• [Work to complete] A faithful transcript of all the lines below, with no pictures, is the goal here.
::::::::
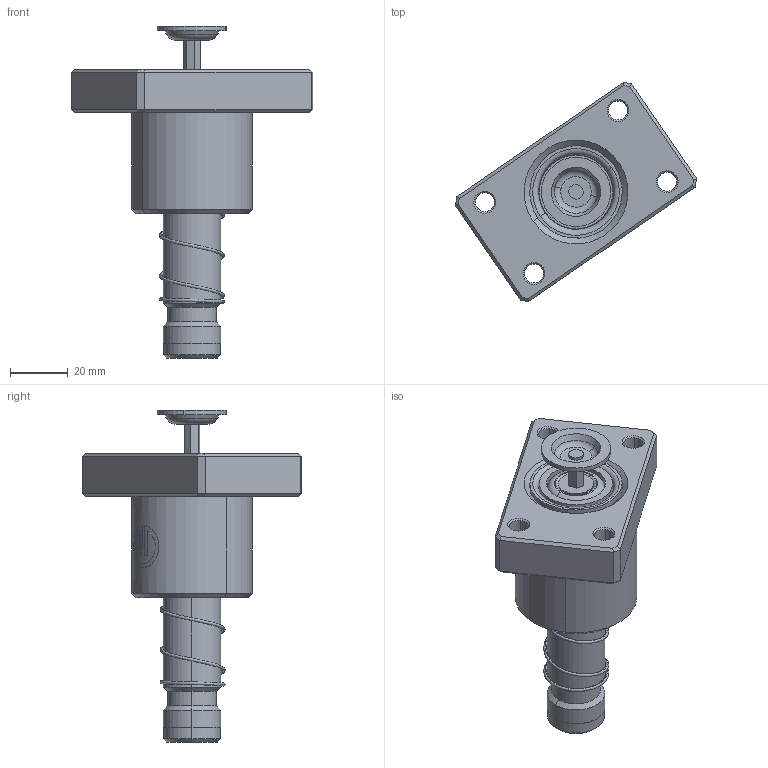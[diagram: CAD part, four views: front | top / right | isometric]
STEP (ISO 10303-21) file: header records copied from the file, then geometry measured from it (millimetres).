
FILE_DESCRIPTION (( 'STEP AP214' ), '1' );
FILE_NAME ('FMJ FMS-D20-L100.STEP', '2021-09-17T02:07:17', ( '' ), ( '' ), 'SwSTEP 2.0', 'SolidWorks 2016', '' );
FILE_SCHEMA (( 'AUTOMOTIVE_DESIGN' ));
Length unit declared in the file: millimetre
Products named in the file (120): BJ BS-25.5-20.5郪蚾; BALL-D3; SAB-20-1; MGM-D20-L100; GTM-24; GTM-3-縐种; GTM-24郪蚾; GTM-M10蹟簽; HWP-D22.5-d20.5-L40; SAB-20; FMJ FMS-D20-L100; BJ BS-25.5-20.5
Assembly tree (112 placements, depth 3):
  BALL-D3
  BALL-D3
  BALL-D3
  BALL-D3
  BALL-D3
Bounding box: 83.63 x 75.95 x 115 mm (x, y, z)
Volume: 107478.9 mm3; surface area: 51924.4 mm2
Topology: 104 solids, 104 shells, 579 faces, 2225 edges, 1470 vertices
Faces by surface type: sphere 384, plane 70, cylinder 56, cone 36, bspline 21, torus 12
Entity records: 25696 total; most frequent: CARTESIAN_POINT 13684, ORIENTED_EDGE 2116, DIRECTION 1903, EDGE_CURVE 1058, AXIS2_PLACEMENT_3D 842, VERTEX_POINT 682, EDGE_LOOP 594, B_SPLINE_CURVE_WITH_KNOTS 460
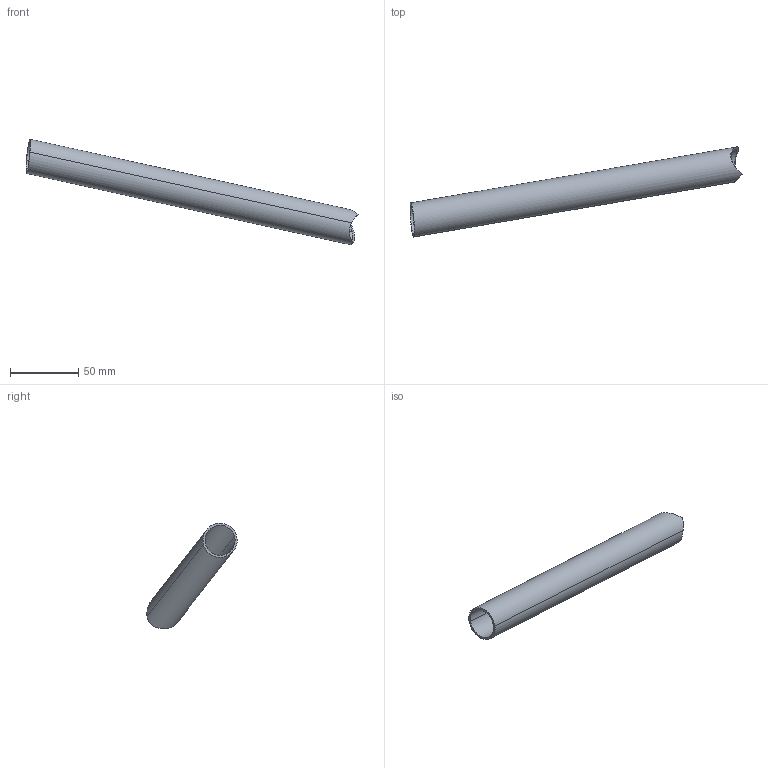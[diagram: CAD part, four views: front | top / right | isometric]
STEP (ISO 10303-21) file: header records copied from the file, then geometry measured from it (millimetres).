
FILE_DESCRIPTION(('STEP AP214'),'1');
FILE_NAME('35.stp','2018-02-08T15:08:15',(' '),(' '),'Spatial InterOp 3D',' ',' ');
FILE_SCHEMA(('automotive_design'));
Length unit declared in the file: metre
Products named in the file (1): Corps1
Bounding box: 242.89 x 66.02 x 77.24 mm (x, y, z)
Volume: 27164.2 mm3; surface area: 36468.8 mm2
Topology: 1 solids, 1 shells, 10 faces, 31 edges, 22 vertices
Faces by surface type: cylinder 9, plane 1
Entity records: 807 total; most frequent: CARTESIAN_POINT 427, ORIENTED_EDGE 62, DIRECTION 53, EDGE_CURVE 31, AXIS2_PLACEMENT_3D 23, VERTEX_POINT 22, B_SPLINE_CURVE_WITH_KNOTS 12, STYLED_ITEM 11
::::::::
• [Answer below]
[diagram: CAD part, four views: front | top / right | isometric]
STEP (ISO 10303-21) file: header records copied from the file, then geometry measured from it (millimetres).
FILE_DESCRIPTION (( 'STEP AP214' ), '1' );
FILE_NAME ('FMJ FMS-D20-L100.STEP', '2021-09-17T02:07:17', ( '' ), ( '' ), 'SwSTEP 2.0', 'SolidWorks 2016', '' );
FILE_SCHEMA (( 'AUTOMOTIVE_DESIGN' ));
Length unit declared in the file: millimetre
Products named in the file (120): BJ BS-25.5-20.5郪蚾; BALL-D3; SAB-20-1; MGM-D20-L100; GTM-24; GTM-3-縐种; GTM-24郪蚾; GTM-M10蹟簽; HWP-D22.5-d20.5-L40; SAB-20; FMJ FMS-D20-L100; BJ BS-25.5-20.5
Assembly tree (112 placements, depth 3):
  BALL-D3
  BALL-D3
  BALL-D3
  BALL-D3
  BALL-D3
Bounding box: 83.63 x 75.95 x 115 mm (x, y, z)
Volume: 107478.9 mm3; surface area: 51924.4 mm2
Topology: 104 solids, 104 shells, 579 faces, 2225 edges, 1470 vertices
Faces by surface type: sphere 384, plane 70, cylinder 56, cone 36, bspline 21, torus 12
Entity records: 25696 total; most frequent: CARTESIAN_POINT 13684, ORIENTED_EDGE 2116, DIRECTION 1903, EDGE_CURVE 1058, AXIS2_PLACEMENT_3D 842, VERTEX_POINT 682, EDGE_LOOP 594, B_SPLINE_CURVE_WITH_KNOTS 460
[diagram: CAD part, four views: front | top / right | isometric]
STEP (ISO 10303-21) file: header records copied from the file, then geometry measured from it (millimetres).
FILE_DESCRIPTION(('STEP AP214'),'1');
FILE_NAME('35.stp','2018-02-08T15:08:15',(' '),(' '),'Spatial InterOp 3D',' ',' ');
FILE_SCHEMA(('automotive_design'));
Length unit declared in the file: metre
Products named in the file (1): Corps1
Bounding box: 242.89 x 66.02 x 77.24 mm (x, y, z)
Volume: 27164.2 mm3; surface area: 36468.8 mm2
Topology: 1 solids, 1 shells, 10 faces, 31 edges, 22 vertices
Faces by surface type: cylinder 9, plane 1
Entity records: 807 total; most frequent: CARTESIAN_POINT 427, ORIENTED_EDGE 62, DIRECTION 53, EDGE_CURVE 31, AXIS2_PLACEMENT_3D 23, VERTEX_POINT 22, B_SPLINE_CURVE_WITH_KNOTS 12, STYLED_ITEM 11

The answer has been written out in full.